**INSTRUCTIONS FOR THE TASK**
With the pictures left out, every record must be reproduced exactly.

**MATERIAL SUPPLIED**
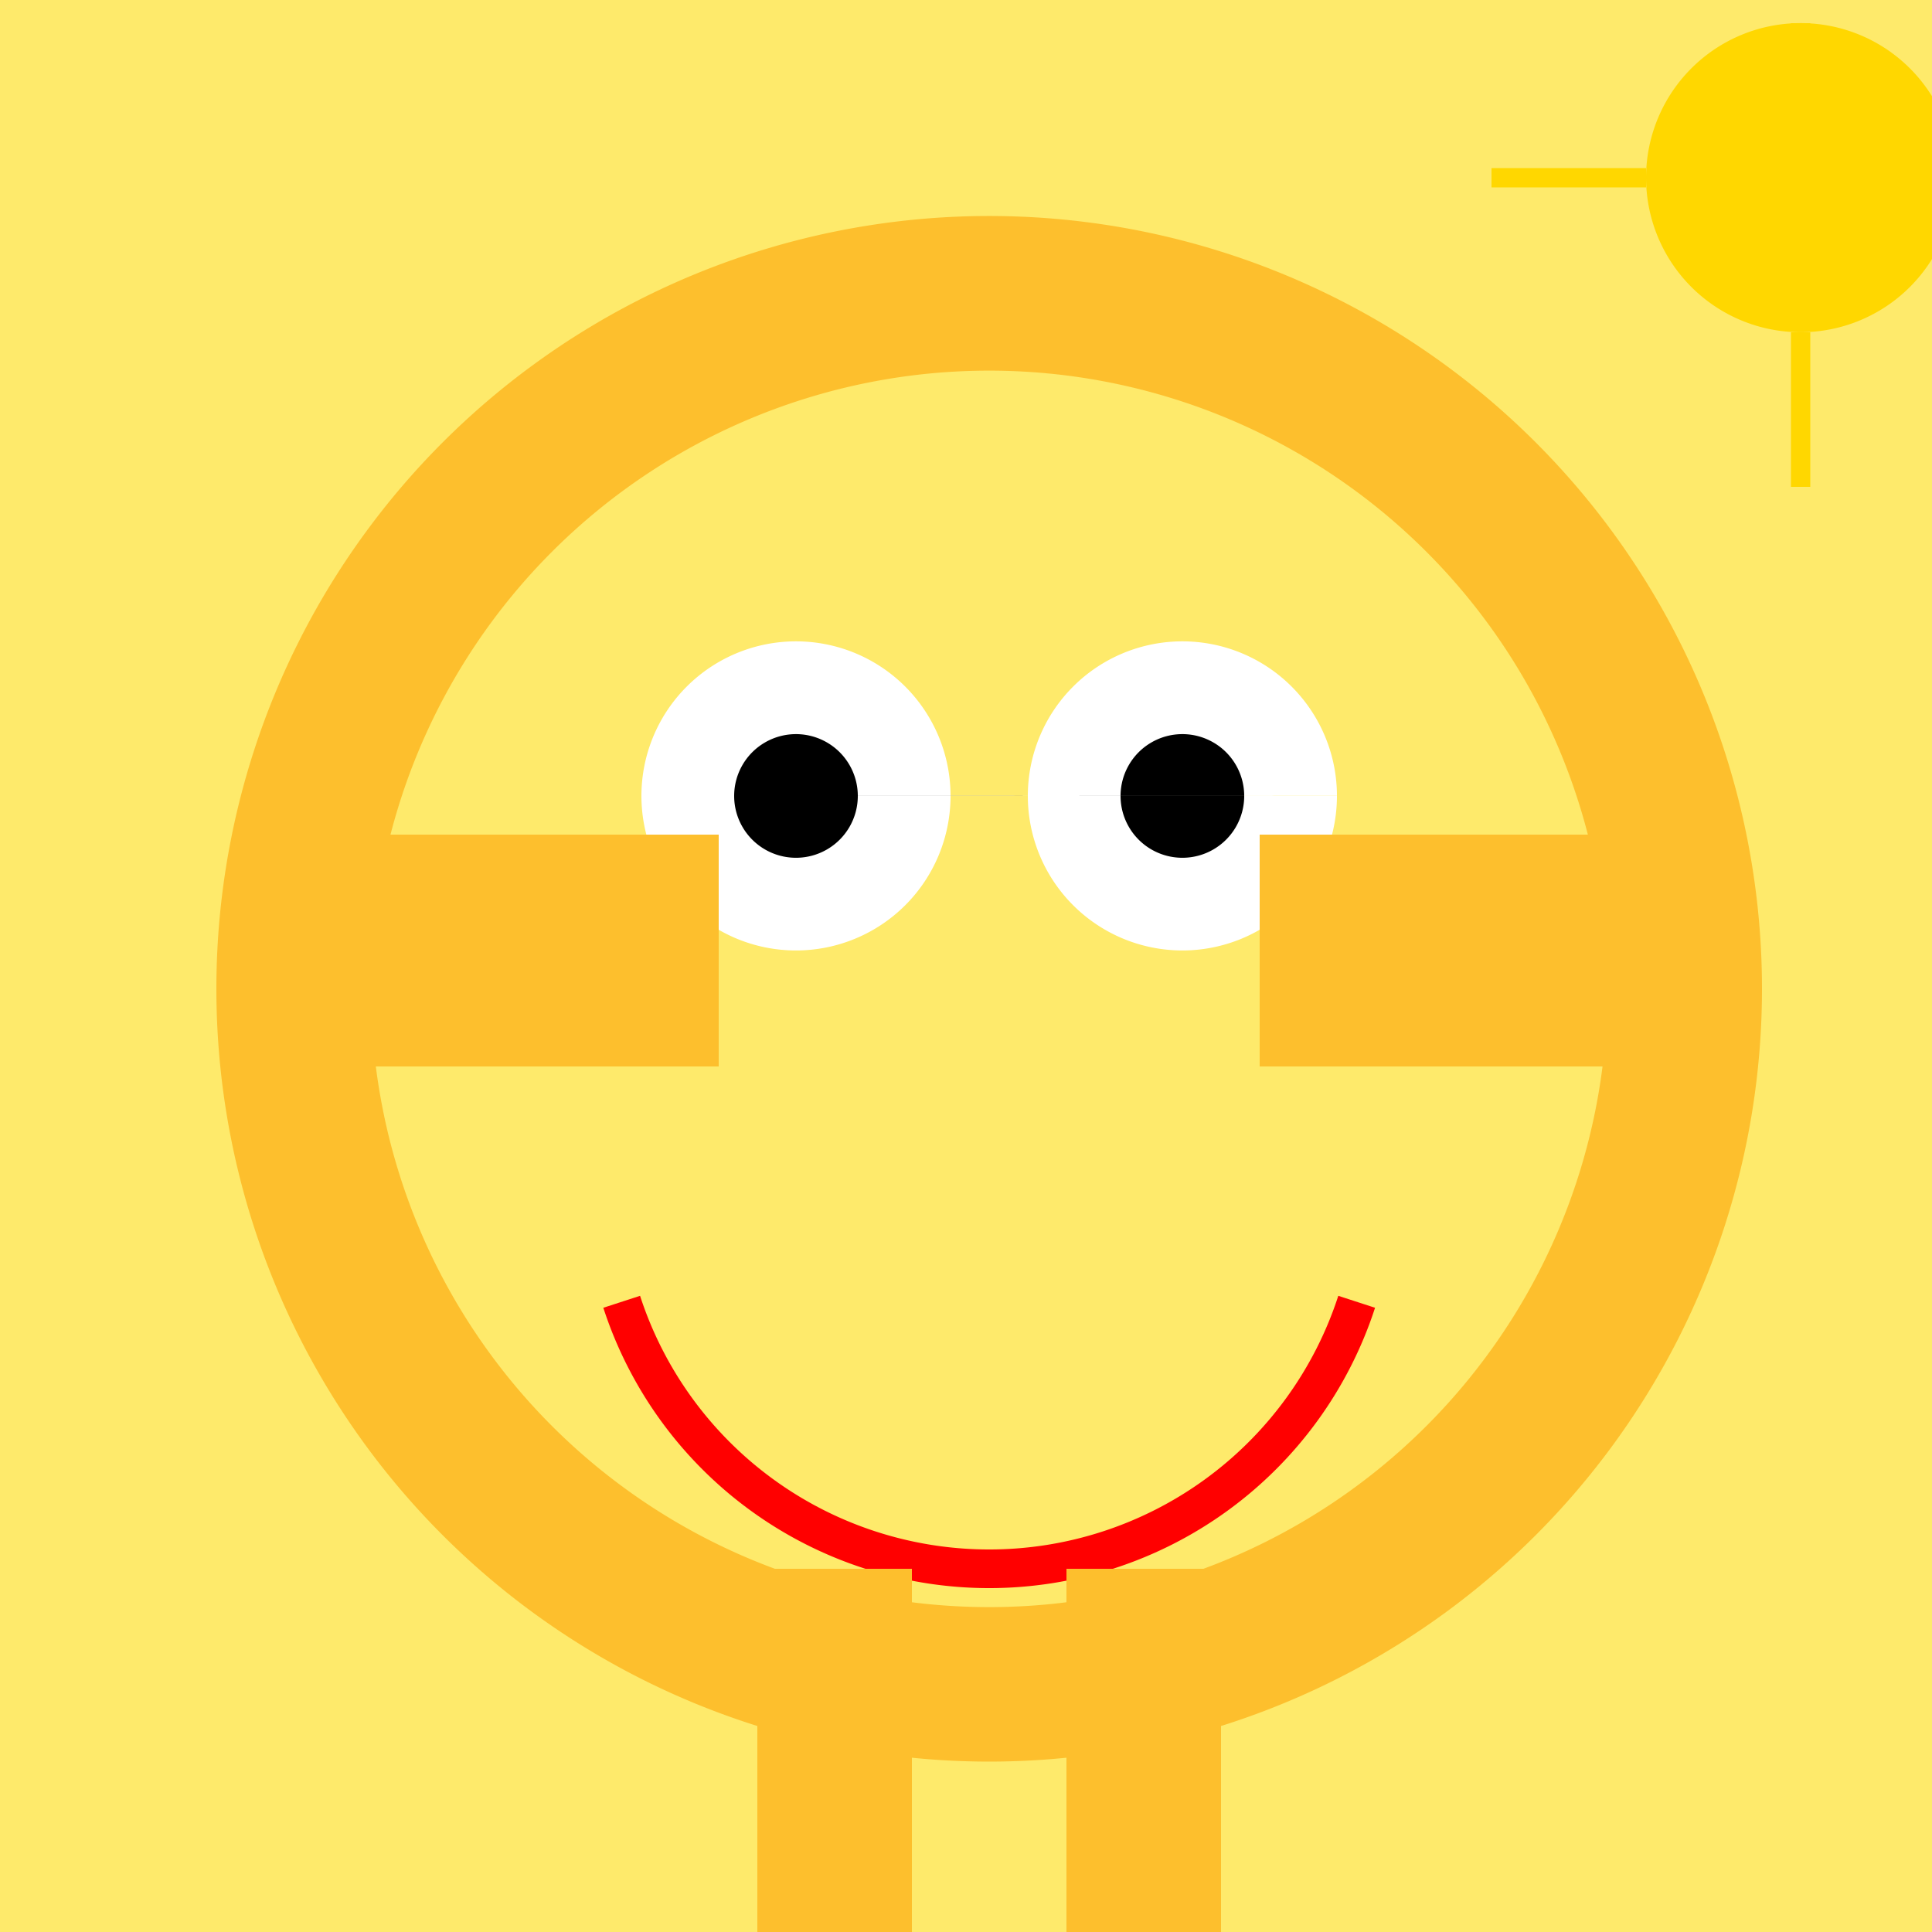 <!--

Generated by DrawGPT.
Free, open source, AI generated images in SVG, PNG, and HTML Canvas format.
https://drawgpt.ai

Created: 2023-09-27T04:47:57.416Z
Link: https://drawgpt.ai/prompt/92225/

-->
<svg xmlns="http://www.w3.org/2000/svg" xmlns:xlink="http://www.w3.org/1999/xlink" width="500" height="500"><defs/><g><rect fill="#FEEA6B" stroke="none" x="0" y="0" width="512" height="512"/><path fill="#FDBF2D" stroke="none" paint-order="stroke fill markers" d=" M 456 256 A 200 200 0 1 1 456 255.8"/><path fill="#FEEA6B" stroke="none" paint-order="stroke fill markers" d=" M 416 256 A 160 160 0 1 1 416 255.84"/><path fill="#FFFFFF" stroke="none" paint-order="stroke fill markers" d=" M 246 206 A 40 40 0 1 1 246 205.96 L 346 206 A 40 40 0 1 1 346 205.96"/><path fill="#000000" stroke="none" paint-order="stroke fill markers" d=" M 222 206 A 16 16 0 1 1 222 205.984 L 322 206 A 16 16 0 1 1 322 205.984"/><path fill="none" stroke="#FF0000" paint-order="fill stroke markers" d=" M 351.106 336.902 A 100 100 0 0 1 160.894 336.902" stroke-miterlimit="10" stroke-width="10" stroke-dasharray=""/><path fill="#FDBF2D" stroke="none" paint-order="stroke fill markers" d=" M 66 216 L 186 216 L 186 276 L 66 276 L 66 216 Z M 326 216 L 446 216 L 446 276 L 326 276 L 326 216 Z"/><path fill="#FDBF2D" stroke="none" paint-order="stroke fill markers" d=" M 196 406 L 236 406 L 236 526 L 196 526 L 196 406 Z M 276 406 L 316 406 L 316 526 L 276 526 L 276 406 Z"/><path fill="#000000" stroke="none" paint-order="stroke fill markers" d=" M 176 526 L 256 526 L 256 566 L 176 566 L 176 526 Z M 256 526 L 336 526 L 336 566 L 256 566 L 256 526 Z"/><path fill="#FFD700" stroke="none" paint-order="stroke fill markers" d=" M 506 46 A 40 40 0 1 1 506 45.96"/><path fill="none" stroke="#FFD700" paint-order="fill stroke markers" d=" M 466 86 L 466 126 M 466 6 L 466 46 M 506 46 L 546 46 M 386 46 L 426 46" stroke-miterlimit="10" stroke-width="5" stroke-dasharray=""/></g></svg>

**PROBLEM SOLUTION**
 <!--

Generated by DrawGPT.
Free, open source, AI generated images in SVG, PNG, and HTML Canvas format.
https://drawgpt.ai

Created: 2023-09-27T04:47:57.416Z
Link: https://drawgpt.ai/prompt/92225/

-->
<svg xmlns="http://www.w3.org/2000/svg" xmlns:xlink="http://www.w3.org/1999/xlink" width="500" height="500"><defs/><g><rect fill="#FEEA6B" stroke="none" x="0" y="0" width="512" height="512"/><path fill="#FDBF2D" stroke="none" paint-order="stroke fill markers" d=" M 456 256 A 200 200 0 1 1 456 255.8"/><path fill="#FEEA6B" stroke="none" paint-order="stroke fill markers" d=" M 416 256 A 160 160 0 1 1 416 255.84"/><path fill="#FFFFFF" stroke="none" paint-order="stroke fill markers" d=" M 246 206 A 40 40 0 1 1 246 205.96 L 346 206 A 40 40 0 1 1 346 205.96"/><path fill="#000000" stroke="none" paint-order="stroke fill markers" d=" M 222 206 A 16 16 0 1 1 222 205.984 L 322 206 A 16 16 0 1 1 322 205.984"/><path fill="none" stroke="#FF0000" paint-order="fill stroke markers" d=" M 351.106 336.902 A 100 100 0 0 1 160.894 336.902" stroke-miterlimit="10" stroke-width="10" stroke-dasharray=""/><path fill="#FDBF2D" stroke="none" paint-order="stroke fill markers" d=" M 66 216 L 186 216 L 186 276 L 66 276 L 66 216 Z M 326 216 L 446 216 L 446 276 L 326 276 L 326 216 Z"/><path fill="#FDBF2D" stroke="none" paint-order="stroke fill markers" d=" M 196 406 L 236 406 L 236 526 L 196 526 L 196 406 Z M 276 406 L 316 406 L 316 526 L 276 526 L 276 406 Z"/><path fill="#000000" stroke="none" paint-order="stroke fill markers" d=" M 176 526 L 256 526 L 256 566 L 176 566 L 176 526 Z M 256 526 L 336 526 L 336 566 L 256 566 L 256 526 Z"/><path fill="#FFD700" stroke="none" paint-order="stroke fill markers" d=" M 506 46 A 40 40 0 1 1 506 45.96"/><path fill="none" stroke="#FFD700" paint-order="fill stroke markers" d=" M 466 86 L 466 126 M 466 6 L 466 46 M 506 46 L 546 46 M 386 46 L 426 46" stroke-miterlimit="10" stroke-width="5" stroke-dasharray=""/></g></svg>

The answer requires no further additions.